What is Ambient Intelligence (AmI)?

Ambient intelligence (AmI) is the element of a pervasive computing environment that allows it to interact and respond appropriately to humans in that environment.

This capability is enabled by discrete embedded devices in the environment and Natural User Interfaces (NUIs), providing certain services autonomously in response to perceived needs and accepting user input through voice, gestures and d other non-disruptive methods.

Popular examples of ambient intelligence include Google Assistant and Amazon Alexa – devices that automatically respond to a person’s voice.

Ambient intelligence helps power IoT and AI devices

Ambient intelligence at the service of the IoT

AmI communication elements are always on and responsive to human input and other variables.

In addition to home and business settings, ambient intelligence can also be used in a fully automated environment to assess conditions, interact with other devices, perform management functions, and transmit data outdoors.

Some elements of an AmI environment:

Integration: Computers are generally not self-contained devices in the environment, but many man-made and organic systems have built-in intelligence and computing capabilities. The current development of the Internet of Things (IoT), which consists of equipping just about any type of object imaginable with computing capacity and connectivity, leads us to embedded computing.

Transparency: Transparency, in the context of transparent computing, essentially means “invisibility”. People naturally interact with embedded systems – by asking a question rather than, say, picking up a tablet and typing in a search query.

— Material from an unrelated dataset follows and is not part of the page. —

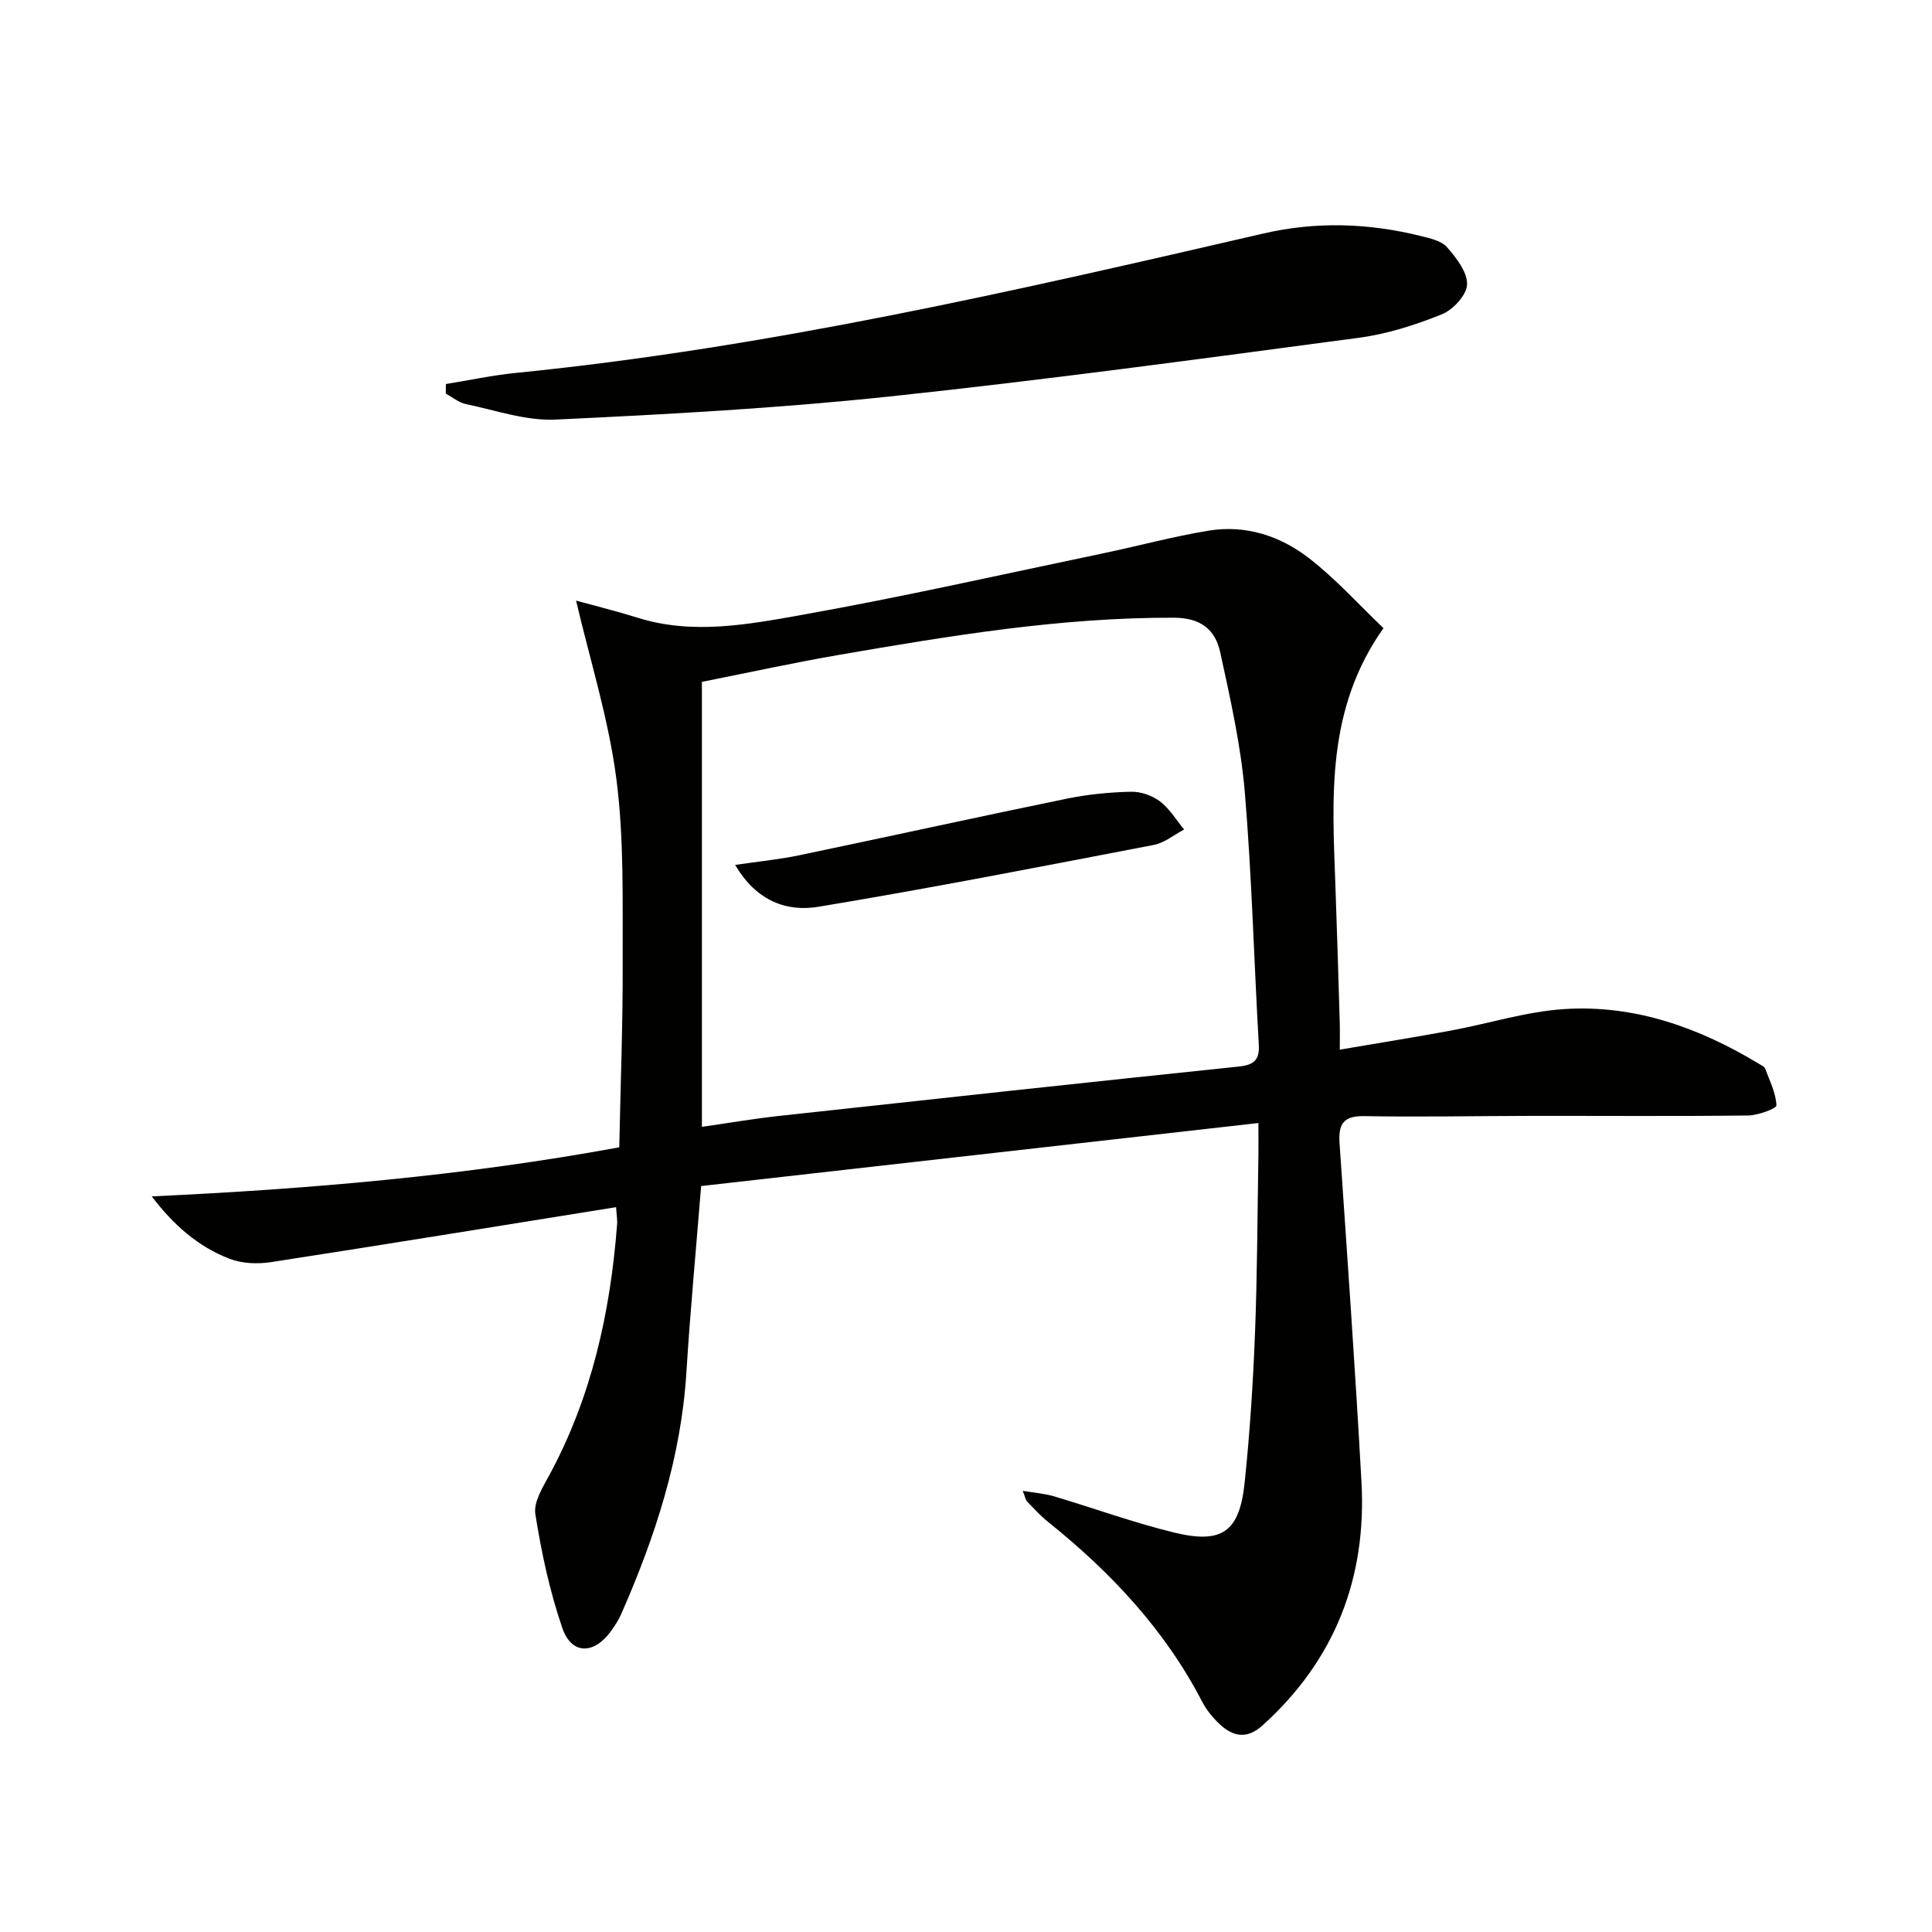 <svg enable-background="new 0 0 400 400" viewBox="0 0 400 400" xmlns="http://www.w3.org/2000/svg"><g fill="#010100"><path d="m127.55 249.93c-24.26 3.89-47.83 7.74-71.44 11.38-2.79.43-6.01.3-8.6-.7-6.53-2.51-11.66-7.07-16.09-12.91 32.41-1.52 64.37-4.2 96.79-10.16.26-12.85.76-25.63.71-38.4-.05-12.64.31-25.41-1.31-37.89-1.61-12.42-5.45-24.56-8.34-36.9 4.22 1.16 8.52 2.22 12.73 3.54 11.43 3.59 22.87 1.4 34.06-.59 20.89-3.73 41.6-8.41 62.37-12.75 7.29-1.52 14.5-3.49 21.84-4.69 7.6-1.24 14.74 1.08 20.66 5.64 5.59 4.3 10.37 9.66 15.5 14.55-11.91 16.85-10.6 35.09-9.95 53.22.34 9.48.62 18.96.9 28.44.05 1.64.01 3.27.01 5.61 8.08-1.38 15.59-2.58 23.05-3.96 7.82-1.45 15.55-3.93 23.42-4.44 14.64-.95 28.02 3.88 40.45 11.41.42.26 1 .53 1.15.93.94 2.51 2.22 5.03 2.33 7.6.03.64-3.79 2.07-5.86 2.09-14.99.18-29.98.06-44.97.08-11.5.02-23 .26-34.49.05-4.37-.08-5.4 1.67-5.13 5.62 1.6 23.38 3.25 46.76 4.54 70.15 1.09 19.92-5.53 36.89-20.51 50.4-3.16 2.85-6.04 2.35-8.81-.24-1.44-1.35-2.77-2.96-3.67-4.7-7.74-14.94-18.96-26.84-31.95-37.26-1.55-1.24-2.9-2.75-4.29-4.18-.3-.31-.37-.85-.91-2.21 2.56.43 4.59.57 6.49 1.14 8.26 2.46 16.39 5.42 24.75 7.47 10.04 2.47 13.64-.09 14.71-10.3 1.07-10.24 1.74-20.54 2.14-30.83.48-12.3.5-24.63.71-36.94.03-1.81 0-3.62 0-6.69-38.73 4.38-76.89 8.7-115.38 13.05-1.07 13.35-2.26 25.89-3.04 38.47-1.09 17.67-6.46 34.14-13.52 50.17-.53 1.21-1.27 2.34-2.04 3.42-3.53 4.96-8.21 5.03-10.13-.54-2.62-7.62-4.33-15.62-5.59-23.6-.4-2.54 1.59-5.65 2.98-8.23 8.68-16.12 12.53-33.52 13.93-51.59.11-.79-.05-1.6-.2-3.73zm17.77-16.63c5.54-.79 10.74-1.69 15.98-2.26 31.71-3.47 63.41-6.91 95.14-10.22 3.13-.33 4.37-1.29 4.18-4.56-1-17.43-1.44-34.89-2.9-52.28-.82-9.7-3-19.32-5.07-28.86-1.02-4.7-3.91-7.21-9.65-7.23-23.41-.07-46.33 3.74-69.25 7.69-9.57 1.65-19.07 3.74-28.43 5.59z"/><path d="m92.32 79.51c4.82-.78 9.61-1.81 14.46-2.3 52.44-5.23 103.65-17.05 154.86-28.88 10.86-2.51 21.78-2.15 32.58.55 1.9.47 4.23.98 5.39 2.32 1.92 2.21 4.22 5.16 4.13 7.71-.08 2.18-2.9 5.23-5.21 6.16-5.49 2.21-11.31 4.08-17.16 4.86-32.4 4.31-64.8 8.72-97.3 12.17-22.94 2.43-46.02 3.69-69.06 4.77-6.12.29-12.38-1.93-18.53-3.2-1.48-.31-2.8-1.43-4.19-2.17.01-.67.02-1.33.03-1.99z"/><path d="m152.21 179.07c4.96-.73 9.18-1.14 13.29-2 18.47-3.86 36.9-7.92 55.39-11.72 4.35-.89 8.84-1.33 13.28-1.43 2.01-.05 4.38.78 5.99 2 1.99 1.51 3.36 3.84 5 5.82-2.08 1.09-4.05 2.76-6.26 3.19-23.1 4.44-46.19 8.95-69.39 12.8-6.51 1.09-12.85-1.06-17.3-8.66z"/></g></svg>

Context awareness: This component is the ability of a system or system component to gather information about its environment at a given time and adapt behaviors accordingly. Contextual or context-aware computing uses software and hardware to automatically collect and analyze data to guide responses. Potential data collection and response systems include sensors, emotion analysis, and affective computing software.

Machine Learning: This capability allows devices in the environment to learn from experience, extrapolate from current data, and extend their knowledge and capabilities autonomously.

AmI, Internet of Things, Artificial Intelligence (AI), Robotics, Nanotechnology and other developing trends are transforming the world to such an extent that the current scenario is sometimes referred to as the Fourth Industrial Revolution.